Он остановился, хотел вести ее обратно, но она и слушать ничего не желала:
– Нет, нет. Я счастлива… Ты не понимаешь этого. Послушай… Я чувствую, как шевелится наш ребенок… твой ребенок… Какое это счастье!.. Погоди, дай руку… чувствуешь?…
Она не понимала, что этот человек был из породы любовников, но совсем не из породы отцов. Лишь только он узнал, что она беременна, он стал отдаляться от нее, чувствуя к ней невольную брезгливость. Когда-то он не раз говорил, что женщина, хотя бы однажды выполнившая назначение воспроизводительницы рода, уже недостойна любви. В любви он искал восторгов какой-то крылатой страсти, уносящей два сердца к недостижимому идеалу, бесплотного слияния двух душ – словом, того надуманного, неосуществимого чувства, какое создают мечты поэтов. В живой, реальной женщине он обожал Венеру, священное лоно которой всегда должно сохранять чистые линии бесплодной красоты. Мысль о том маленьком существе, которое зачала от него эта женщина, о том человеческом зародыше, что шевелится в ее теле, оскверняет его и уже обезобразил его, вызывала у Поля Бретиньи непреодолимое отвращение. Для него материнство превратило эту женщину в животное. Она была теперь уже не редкостным, обожаемым созданием, волшебной грезой, а самкой, производительницей. И к этому эстетическому отвращению примешивалась даже чисто физическая брезгливость.

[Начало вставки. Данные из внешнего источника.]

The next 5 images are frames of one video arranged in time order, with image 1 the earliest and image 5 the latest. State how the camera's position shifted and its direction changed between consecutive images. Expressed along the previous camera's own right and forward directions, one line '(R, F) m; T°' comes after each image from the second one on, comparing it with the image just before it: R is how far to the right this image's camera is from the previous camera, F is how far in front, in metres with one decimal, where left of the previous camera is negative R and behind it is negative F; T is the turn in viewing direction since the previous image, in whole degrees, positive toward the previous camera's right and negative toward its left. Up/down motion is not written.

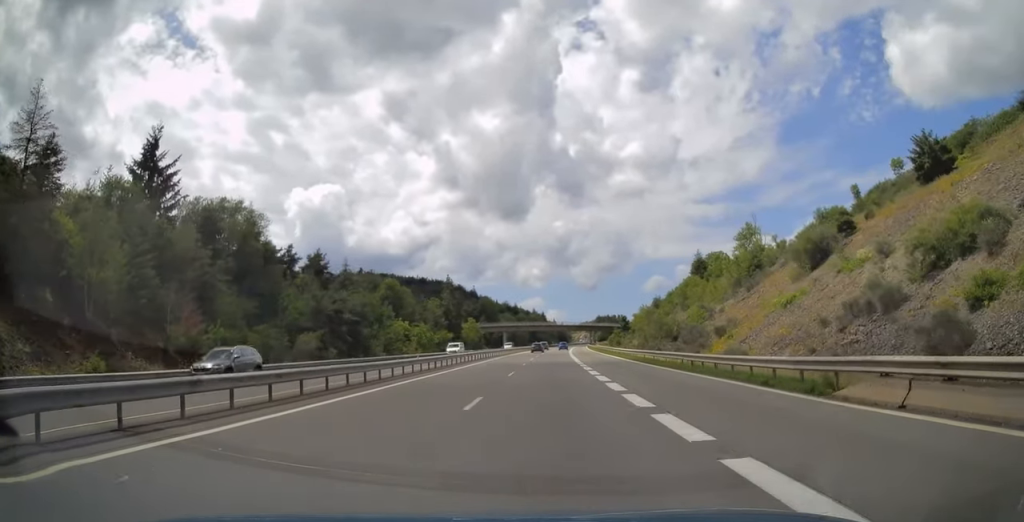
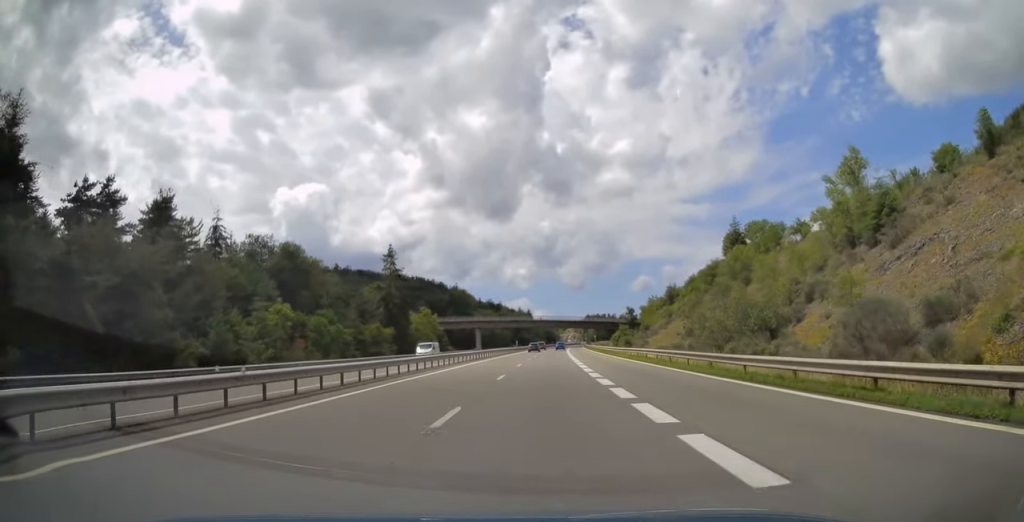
(+0.4, +39.3) m; +1°
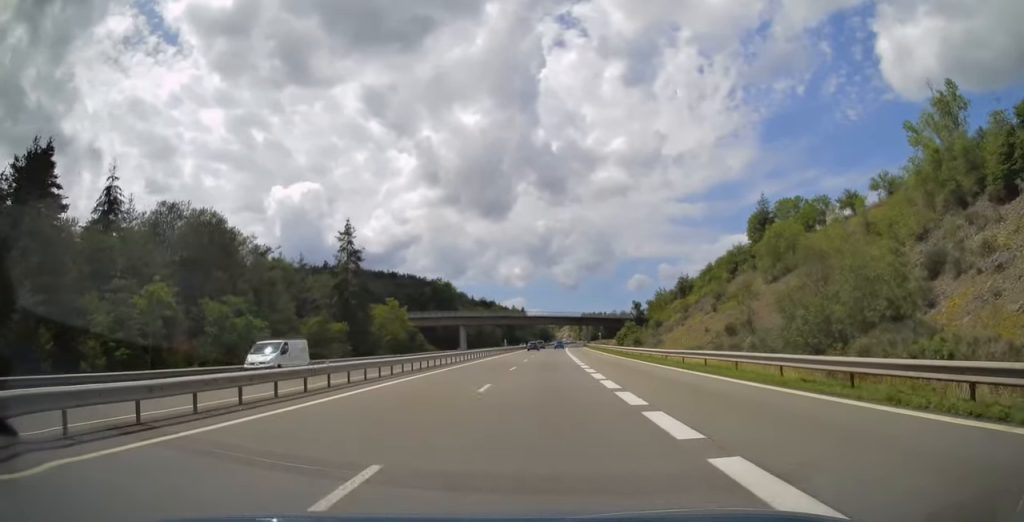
(+0.1, +21.2) m; 0°
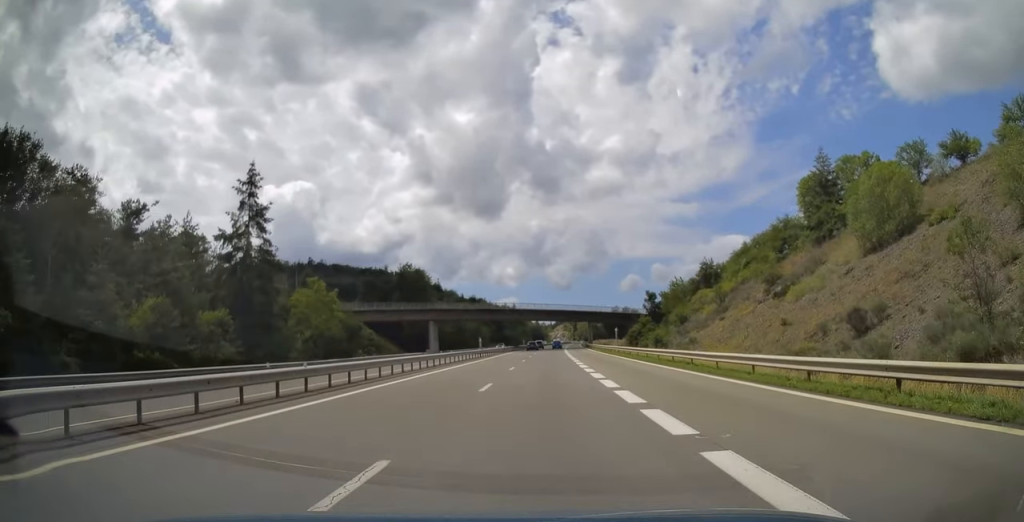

Но разве могла она почувствовать, угадать все это, она, которую каждое движение желанного ребенка все сильнее привязывало к любовнику? Тот, кого она обожала, кого с мгновения первого поцелуя любила все больше, не только жил в ее сердце, он зародил в ее теле новую жизнь, и то существо, которое она вынашивала в себе, толчки которого отдавались в ее ладонях, прижатых к животу, то существо, которое как будто уже рвалось на свободу, – ведь это тоже был он. Да, это был он сам, ее добрый, родной, ее ласковый, единственный ее друг, возродившийся в ней таинством природы. И теперь она любила его вдвойне – того большого Поля, который принадлежал ей, и того крошечного, еще неведомого, который тоже принадлежал ей; любила того, которого она видела, слышала, касалась, обнимала, и того, кого лишь чувствовала в себе, когда он шевелился у нее под сердцем.